Task statement » Set down the data below exactly; pictures stay out.

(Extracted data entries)
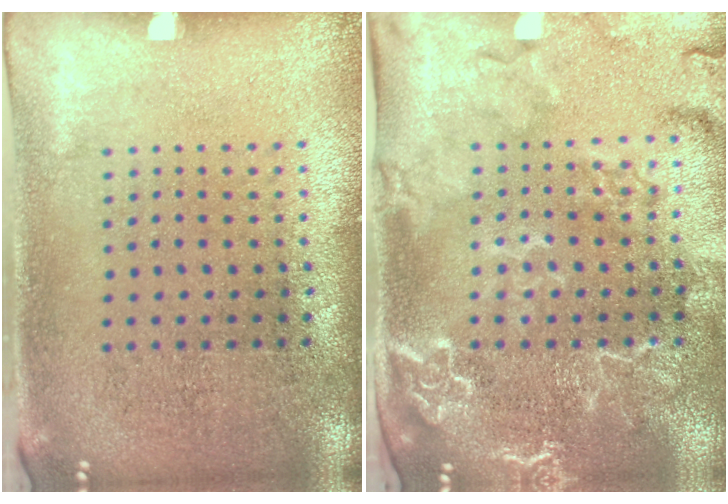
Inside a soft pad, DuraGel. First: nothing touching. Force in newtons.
{"total": 2.6, "press": 2.4, "slide": 0.9}
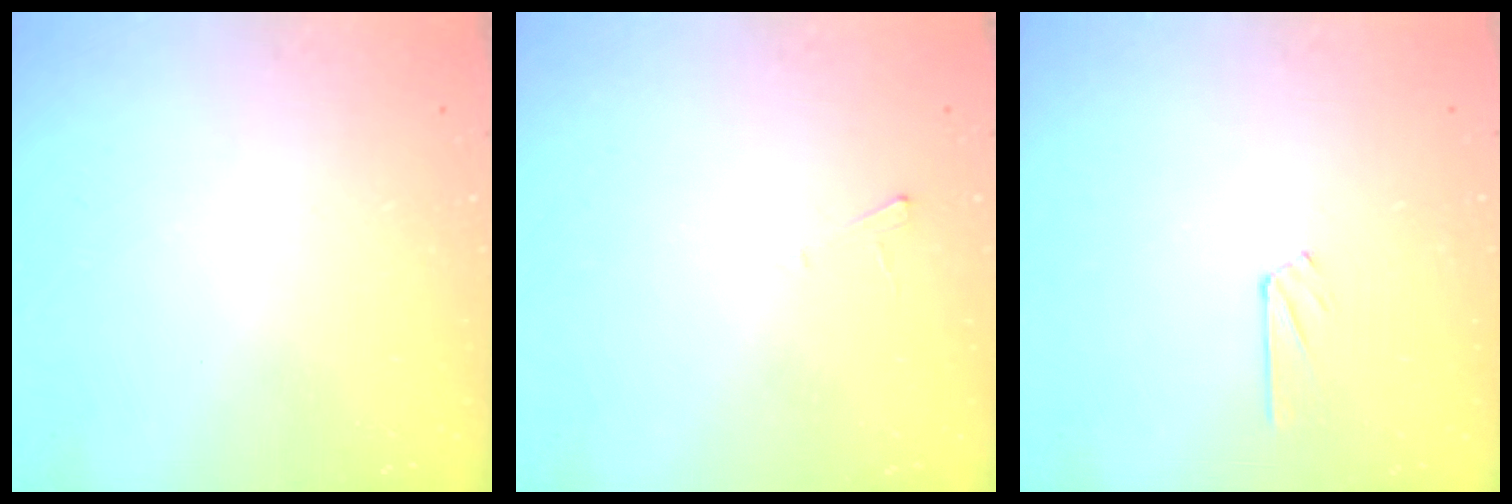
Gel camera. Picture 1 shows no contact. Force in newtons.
{"total": 2.0, "press": 2.0, "slide": 0.2}
{"total": 4.2, "press": 4.2, "slide": 0.5}
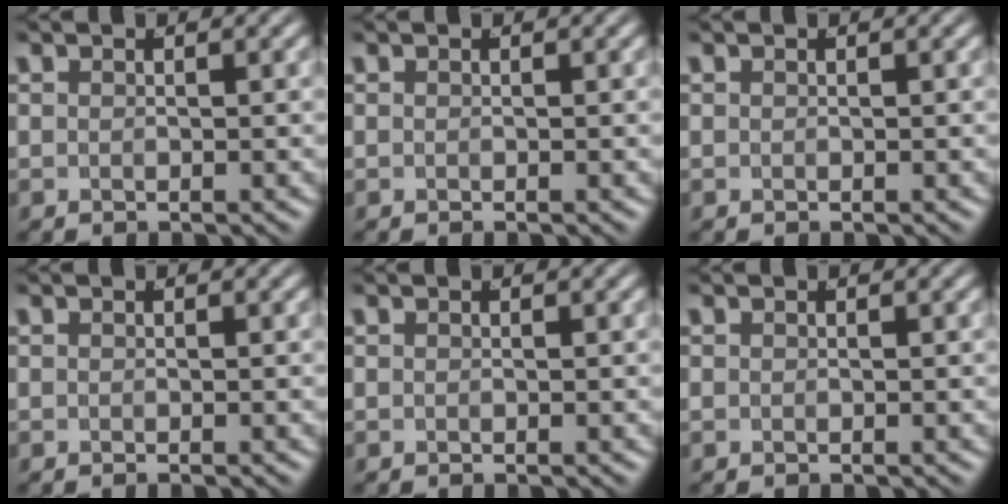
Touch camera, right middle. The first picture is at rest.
{"total": 0.0}
{"total": 0.0}
{"total": 0.0}
{"total": 0.0}
{"total": 0.5, "force": [-0.1, 0.5, 0.1], "torque": [-0.006, -0.003, -0.001]}
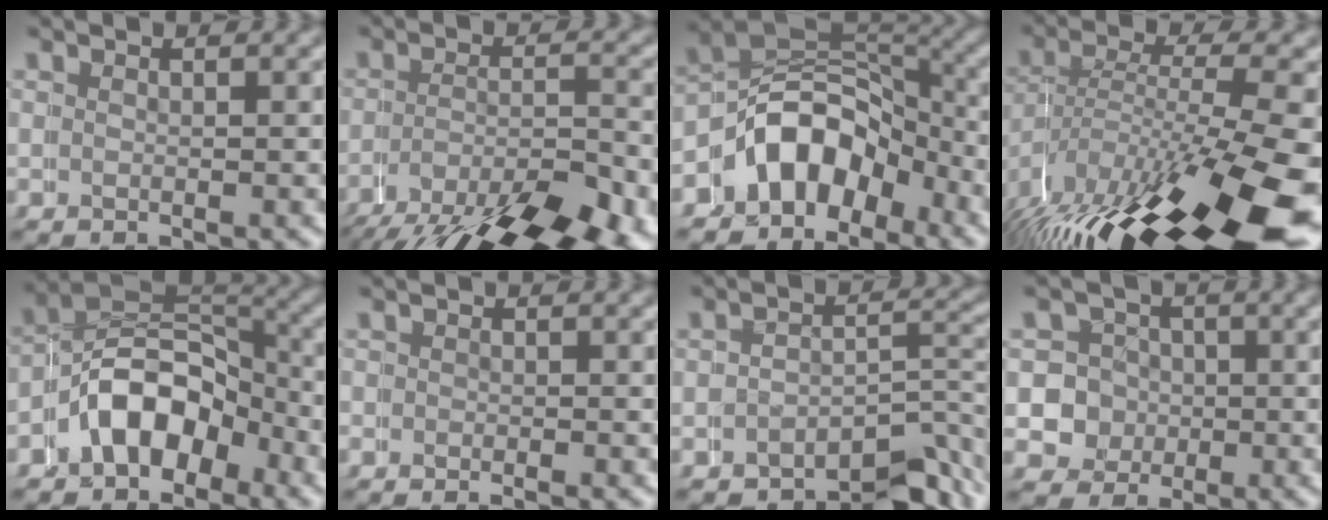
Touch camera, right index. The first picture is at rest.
{"total": 9.6, "force": [-5.6, 4.2, 6.7], "torque": [-0.102, -0.032, -0.079]}
{"total": 8.1, "force": [-2.4, 6.5, 4.2], "torque": [-0.091, -0.020, -0.046]}
{"total": 12.8, "force": [-6.3, 5.1, 9.9], "torque": [-0.180, -0.039, -0.074]}
{"total": 6.4, "force": [-2.2, 4.9, 3.5], "torque": [-0.074, -0.017, -0.043]}
{"total": 1.4, "force": [-0.9, 0.9, 0.6], "torque": [-0.018, -0.005, -0.020]}
{"total": 4.5, "force": [-3.2, 2.1, 2.3], "torque": [-0.007, -0.009, -0.058]}
{"total": 9.4, "force": [-1.4, 9.3, 0.8], "torque": [-0.058, -0.045, -0.023]}
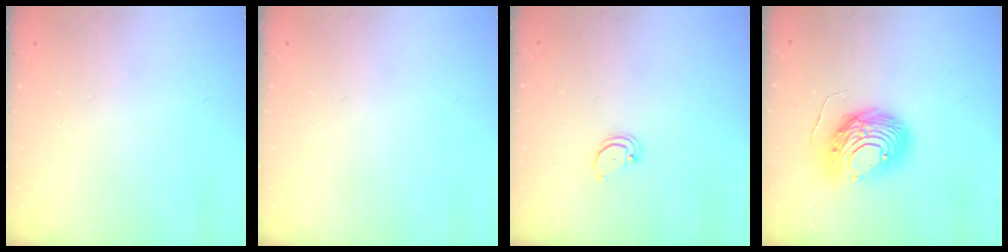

Answer to the exercise »
Inside a soft pad, DuraGel. First: nothing touching. Force in newtons.
{"total": 2.6, "press": 2.4, "slide": 0.9}
Gel camera. Picture 1 shows no contact. Force in newtons.
{"total": 2.0, "press": 2.0, "slide": 0.2}
{"total": 4.2, "press": 4.2, "slide": 0.5}
Touch camera, right middle. The first picture is at rest.
{"total": 0.0}
{"total": 0.0}
{"total": 0.0}
{"total": 0.0}
{"total": 0.5, "force": [-0.1, 0.5, 0.1], "torque": [-0.006, -0.003, -0.001]}
Touch camera, right index. The first picture is at rest.
{"total": 9.6, "force": [-5.6, 4.2, 6.7], "torque": [-0.102, -0.032, -0.079]}
{"total": 8.1, "force": [-2.4, 6.5, 4.2], "torque": [-0.091, -0.020, -0.046]}
{"total": 12.8, "force": [-6.3, 5.1, 9.9], "torque": [-0.180, -0.039, -0.074]}
{"total": 6.4, "force": [-2.2, 4.9, 3.5], "torque": [-0.074, -0.017, -0.043]}
{"total": 1.4, "force": [-0.9, 0.9, 0.6], "torque": [-0.018, -0.005, -0.020]}
{"total": 4.5, "force": [-3.2, 2.1, 2.3], "torque": [-0.007, -0.009, -0.058]}
{"total": 9.4, "force": [-1.4, 9.3, 0.8], "torque": [-0.058, -0.045, -0.023]}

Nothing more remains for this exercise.